● **What this task involves**: Give the data again exactly as written, skipping any pictures.

Source data
_____

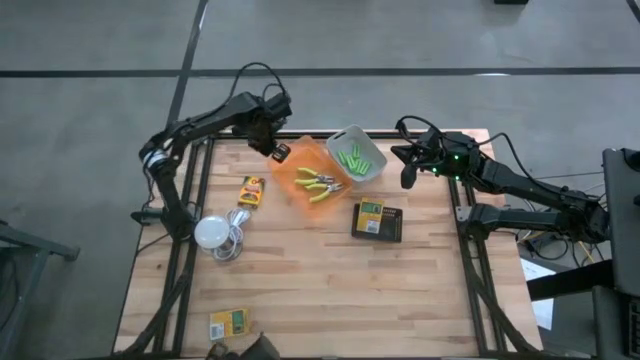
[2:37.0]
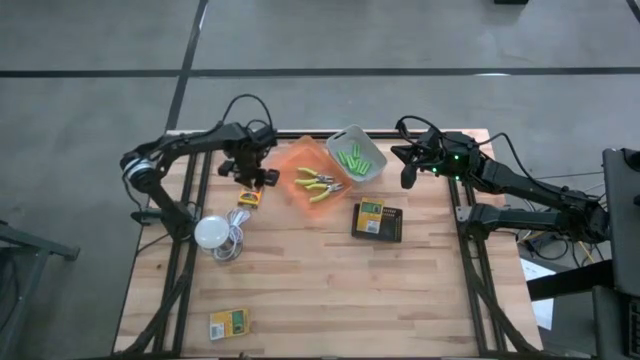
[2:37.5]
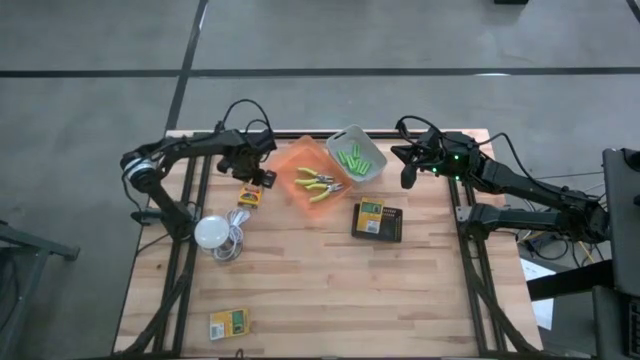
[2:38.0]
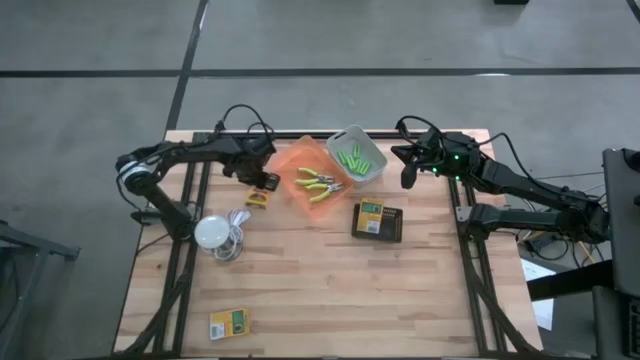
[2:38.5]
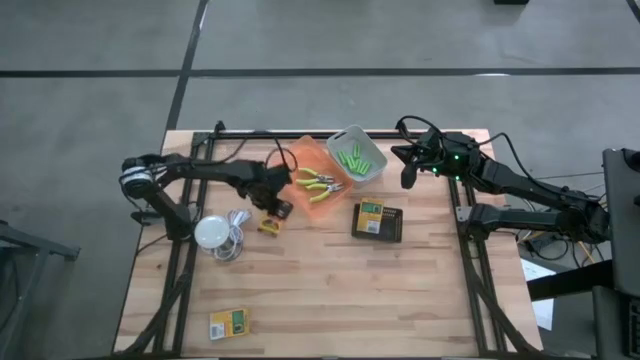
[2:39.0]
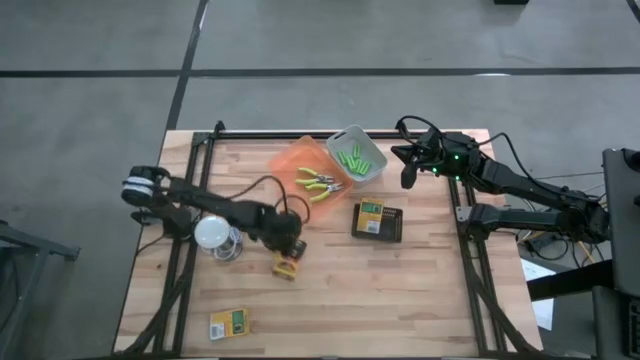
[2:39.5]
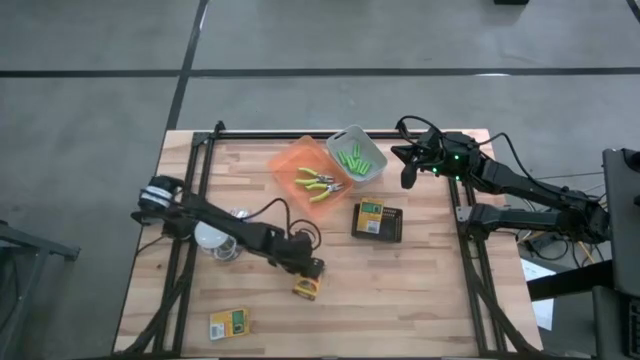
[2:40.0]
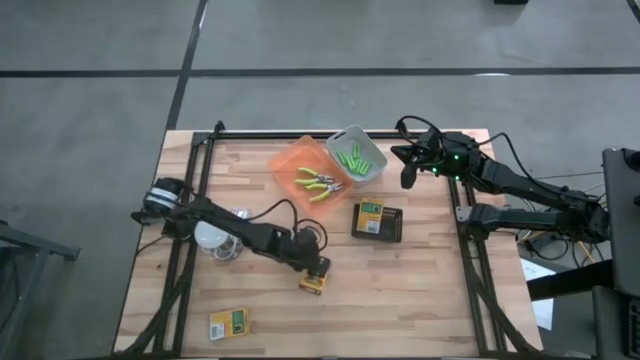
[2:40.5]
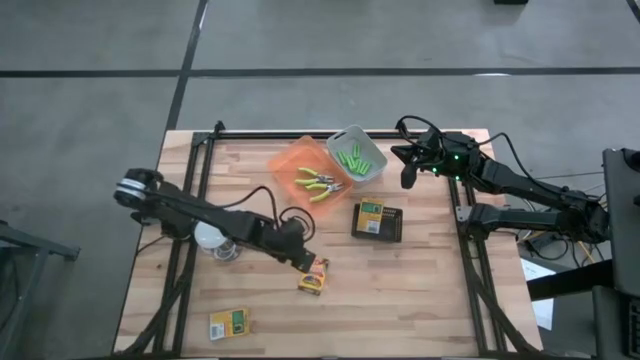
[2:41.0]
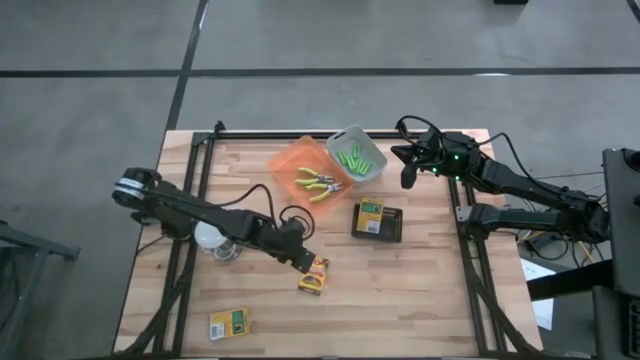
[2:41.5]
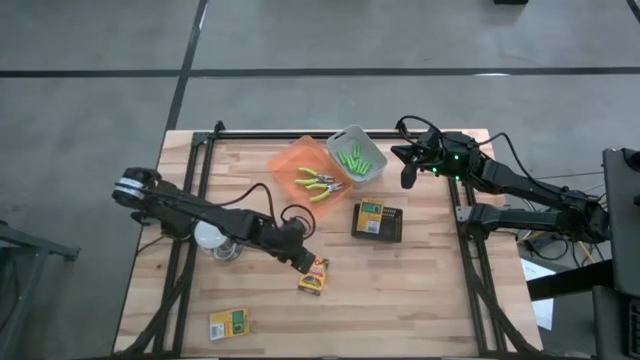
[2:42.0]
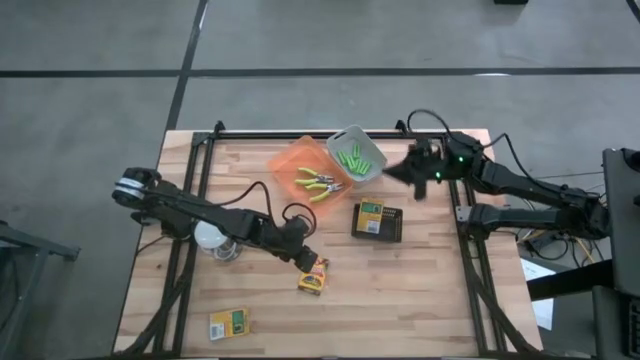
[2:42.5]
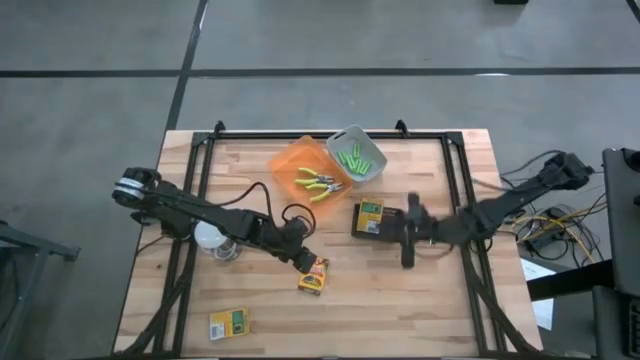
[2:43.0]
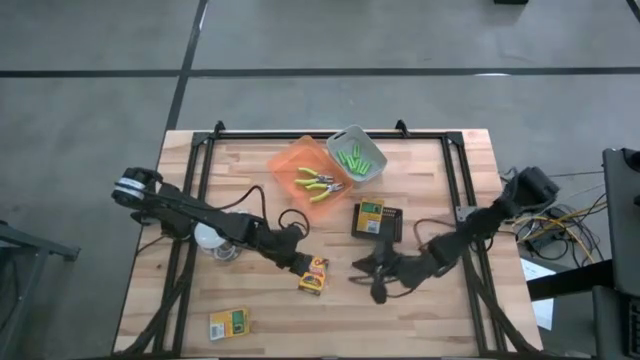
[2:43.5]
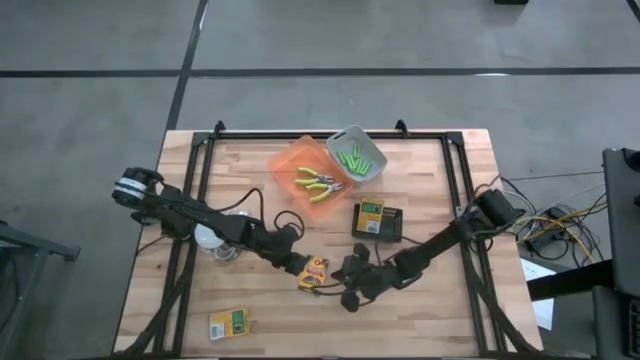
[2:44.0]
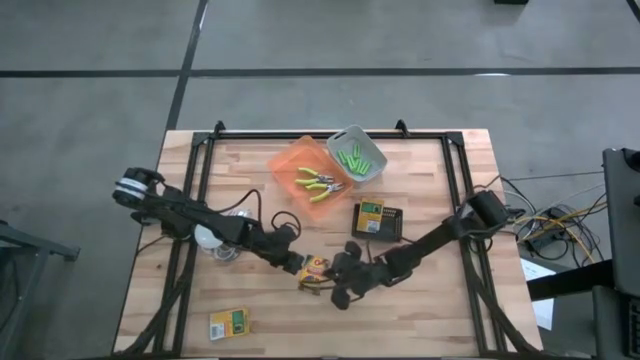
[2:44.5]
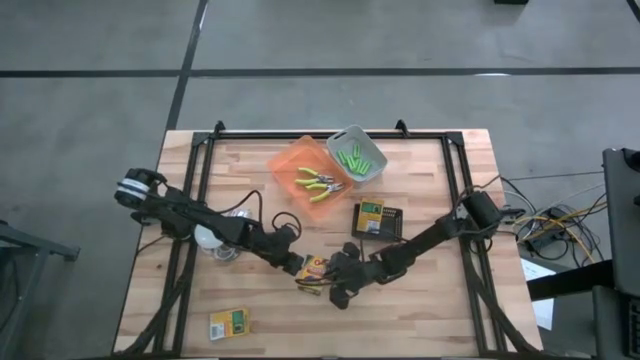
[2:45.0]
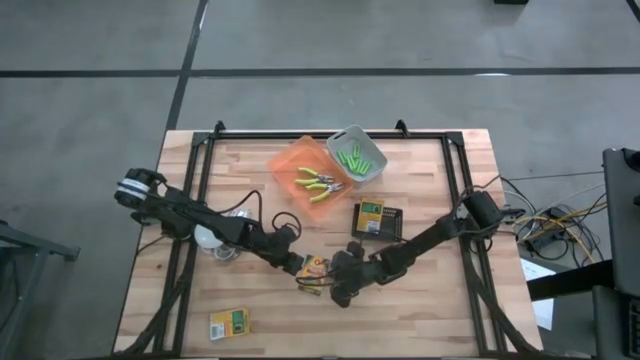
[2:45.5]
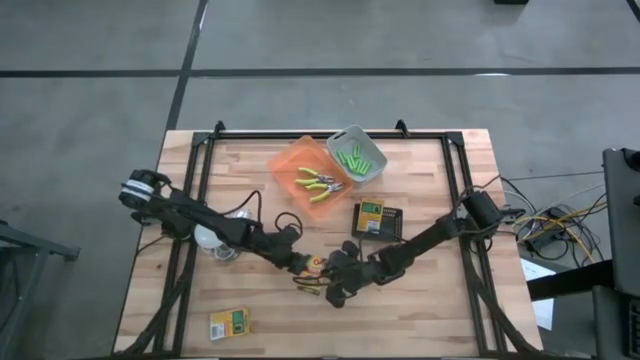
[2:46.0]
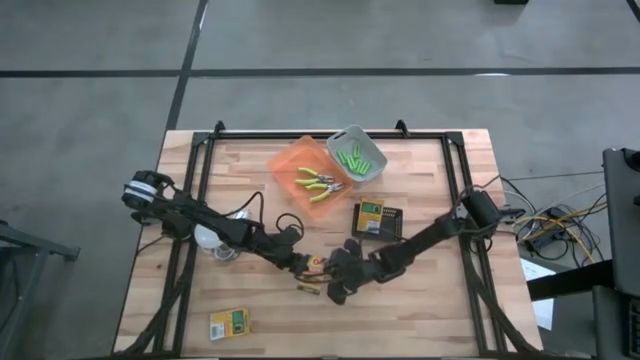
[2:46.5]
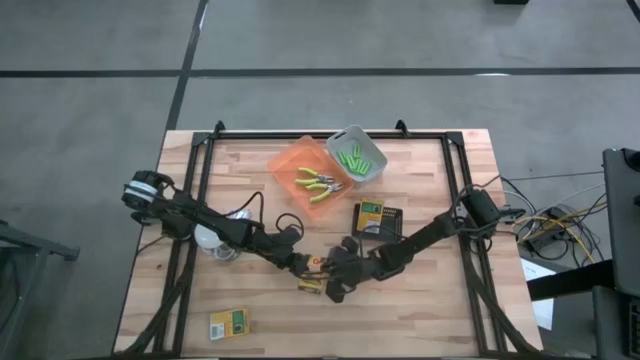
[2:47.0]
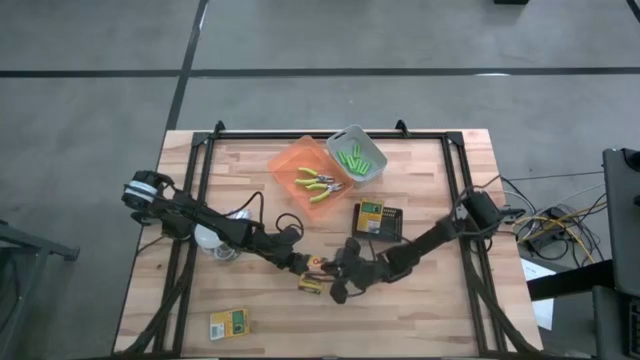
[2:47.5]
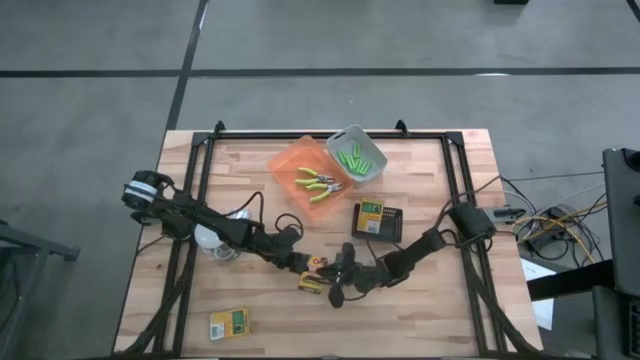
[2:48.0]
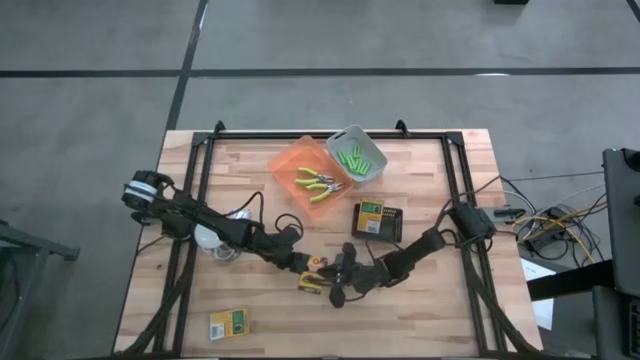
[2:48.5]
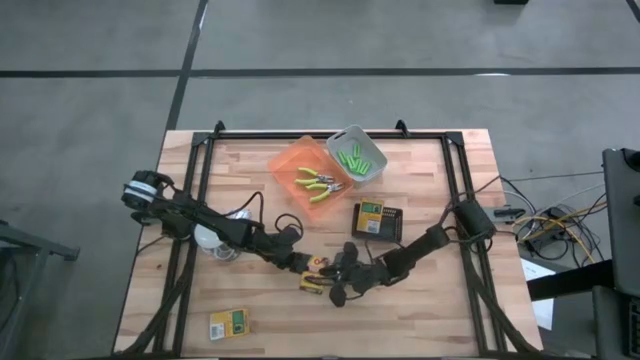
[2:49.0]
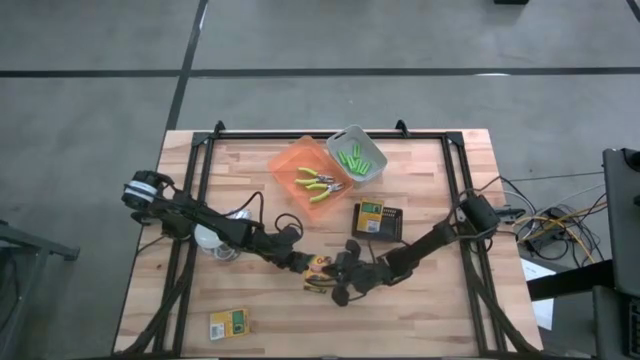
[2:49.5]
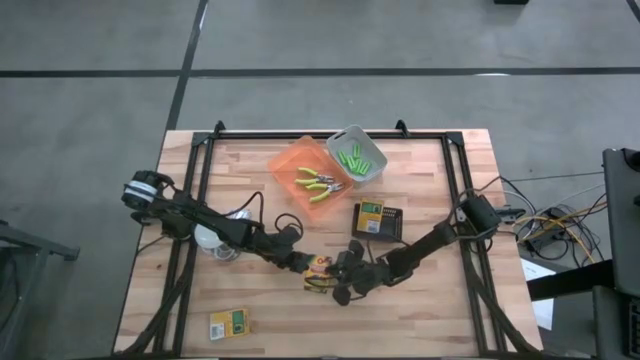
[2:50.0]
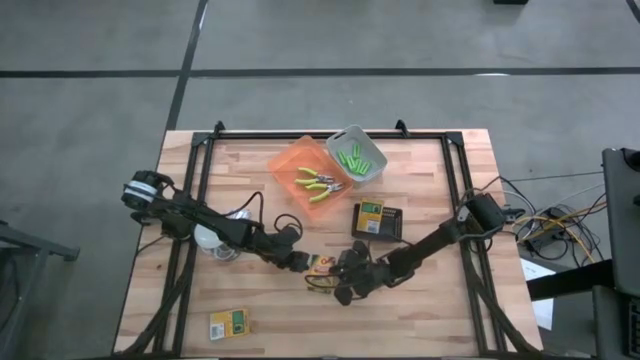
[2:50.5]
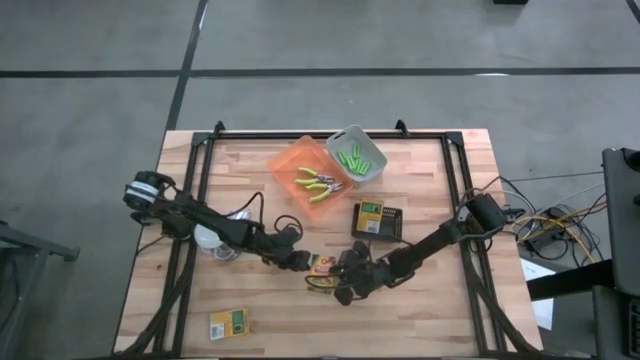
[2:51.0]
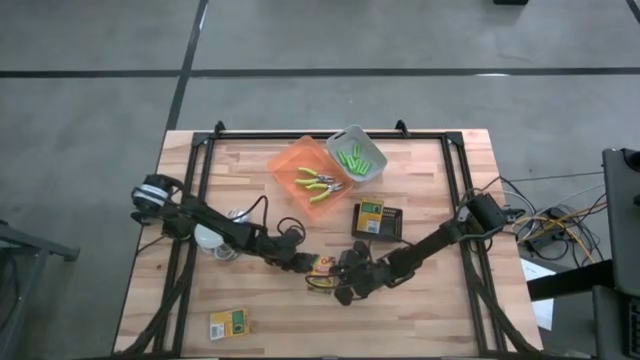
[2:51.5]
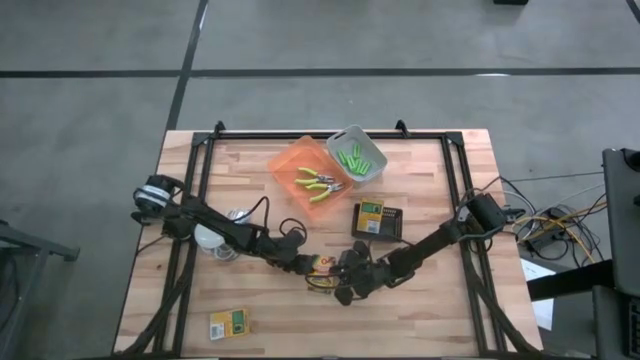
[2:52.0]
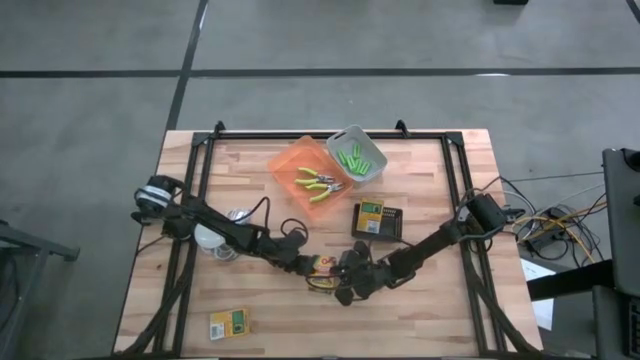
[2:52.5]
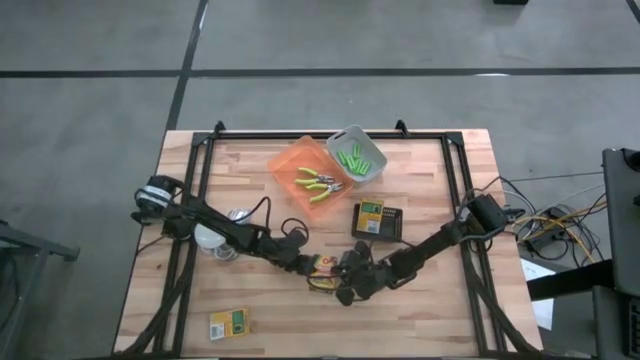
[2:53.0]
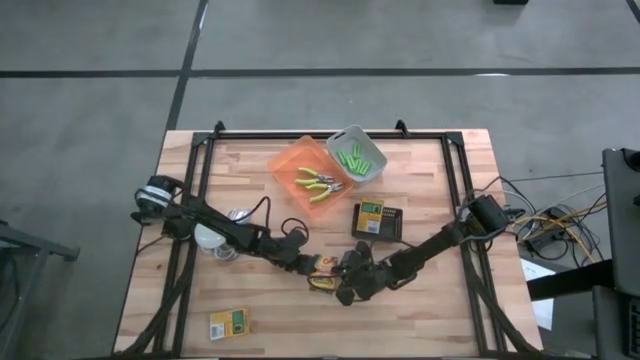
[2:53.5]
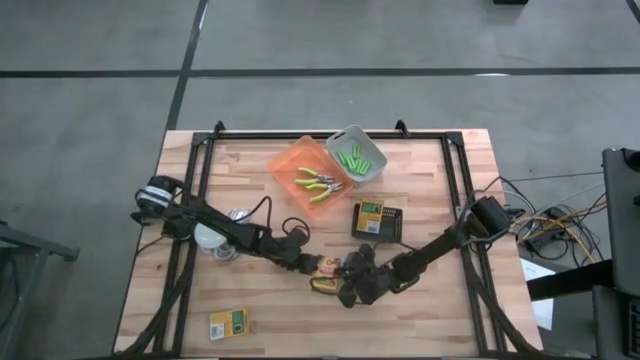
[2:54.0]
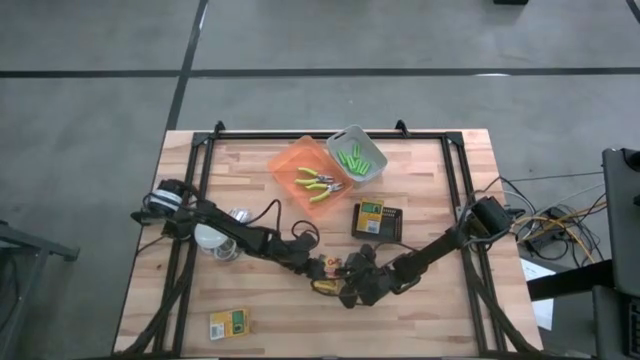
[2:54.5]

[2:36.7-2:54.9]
Task: Pick & Place School Supplies
Put the yellow crayon box into the black bin

_____

● **Completed exercise**:
[2:37.0]
[2:37.5]
[2:38.0]
[2:38.5]
[2:39.0]
[2:39.5]
[2:40.0]
[2:40.5]
[2:41.0]
[2:41.5]
[2:42.0]
[2:42.5]
[2:43.0]
[2:43.5]
[2:44.0]
[2:44.5]
[2:45.0]
[2:45.5]
[2:46.0]
[2:46.5]
[2:47.0]
[2:47.5]
[2:48.0]
[2:48.5]
[2:49.0]
[2:49.5]
[2:50.0]
[2:50.5]
[2:51.0]
[2:51.5]
[2:52.0]
[2:52.5]
[2:53.0]
[2:53.5]
[2:54.0]
[2:54.5]

[2:36.7-2:54.9]
Task: Pick & Place School Supplies
Put the yellow crayon box into the black bin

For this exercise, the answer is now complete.